The effect is robust and has been replicated in hundreds of studies (Khalid, 2016; Pennycook et al., 2017). Interestingly, it can even be observed with judgments about physical attributes like attractiveness (Greitemeyer, 2020).

While there is general consensus that the DKE is a robust phenomenon, researchers disagree about the explanation for the DKE. Kruger and Dunning (1999) proposed a meta-cognitive theory. Accordingly, individuals have no introspective access to their shortcomings. For example, a student who picked one answer from a set of options in a multiple-choice test thinks that they picked the most reasonable option. After all, they would have picked a different option if they had considered another option as more reasonable. Students only become aware that they picked the wrong option when they are given feedback about their performance. As a result, they are overly confident that they picked the right answer before they are given feedback. This mistake will occur more frequently for low-performers than for high performers. It can not occur for students who ace their exam (i.e, get all answers correct). The only mistake top-performers could make is to doubt their right answers and underestimate their performance. Thus, lack of insight into mistakes coupled with a high frequency of mistakes leads to higher overconfidence among low-performers.

In contrast, critiques of the meta-cognitive theory have argued that DKE is a statistical necessity. As long as individuals are not perfectly aware of their actual performance, low-performers are bound to overestimate their performance and high-performers are bound to underestimate their performance (Ackermann et al., 2002; Gignac & Zajenkowski, 2020; Krueger & Mueller, 2002). This account has been called regression to the mean. Unfortunately, this label has produced a lot of confusion because the statistical phenomenon of regression to the mean is poorly understood by many psychologists.

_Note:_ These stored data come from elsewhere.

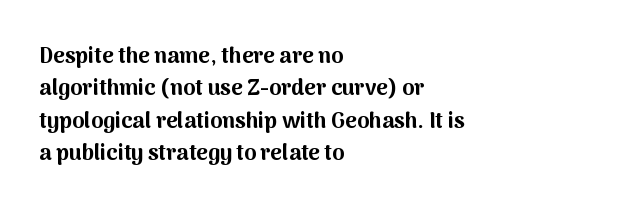
Q: Is the text bold? A: Yes.
Q: Is the text italic (slanted)? A: No, it is upright.
Q: Is the text underlined? A: No.
Q: How is the paragraph aligned? A: Left-aligned.
Q: Is the spacing between letters normal or unusually wide? A: Normal.
Q: Is the spacing between lines tight, normal or loose? A: Normal.
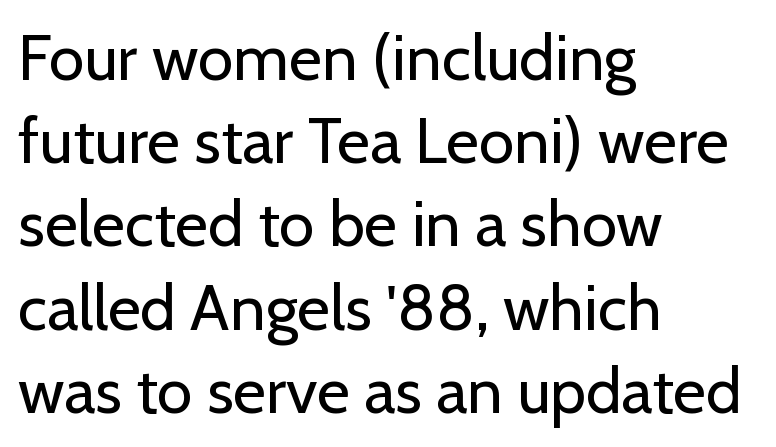
{"serif": "no", "italic": "no", "bold": "no", "weight": "regular", "width": "normal", "stroke_contrast": "low", "x_height": "medium", "monospaced": "no", "underline": "no", "align": "left", "line_spacing": "normal", "line_spacing_ratio": 1.3, "letter_spacing": "normal", "letter_spacing_em": 0.0, "glyph_px": 64}

Misunderstanding of Regression to the Mean

Wikipedia explains that “in statistics, regression toward the mean (or regression to the mean) is the phenomenon that arises if a sample point of a random variable is extreme (nearly an outlier), a future point will be closer to the mean or average on further measurements.”

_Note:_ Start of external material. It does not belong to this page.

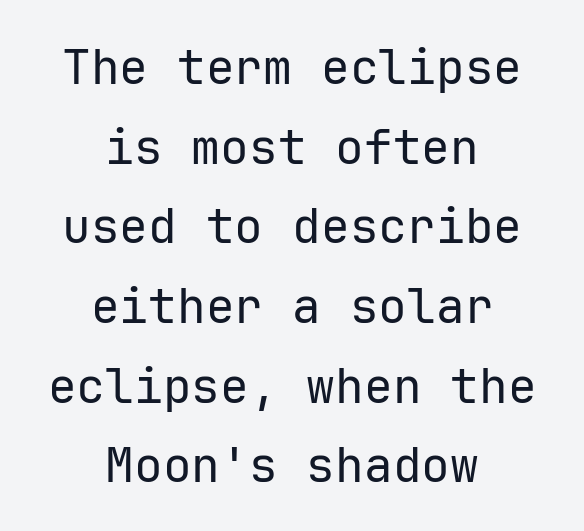
Are there feet on the stems? There aren't — it's a sans. Descender tails drop into unmarked territory. Look at the tracking — it's just the regular setting, nothing added. These lines sit exactly where default settings would place them.

Wikipedia also provides a familiar example.

Consider a simple example: a class of students takes a 100-item true/false test on a subject. Suppose that all students choose randomly on all questions. Then, each student’s score would be a realization of one of a set of independent and identically distributed random variables, with an expected mean of 50. Naturally, some students will score substantially above 50 and some substantially below 50 just by chance. If one selects only the top scoring 10% of the students and gives them a second test on which they again choose randomly on all items, the mean score would again be expected to be close to 50. Thus the mean of these students would “regress” all the way back to the mean of all students who took the original test. No matter what a student scores on the original test, the best prediction of their score on the second test is 50.

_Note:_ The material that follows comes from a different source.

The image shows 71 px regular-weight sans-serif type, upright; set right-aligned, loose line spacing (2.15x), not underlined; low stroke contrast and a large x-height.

This is probably the context that most psychologists have in mind when they think about regression to the mean. The same measurement procedure is repeated twice. In this scenario, students who performed lower the first time are likely to increase their performance the second time and students who performed well the first time are bound to decrease in their performance the second time. How much students regress towards the mean depends on the influence of their actual abilities on performance on the two tests. The more strongly the two tests are correlated, the less regression to the mean occurs. In the extreme case, where performance is fully determined by ability, the retest correlation is 1 and there is no regression to the mean because there are no residuals (i.e., deviations of individuals between their two performances).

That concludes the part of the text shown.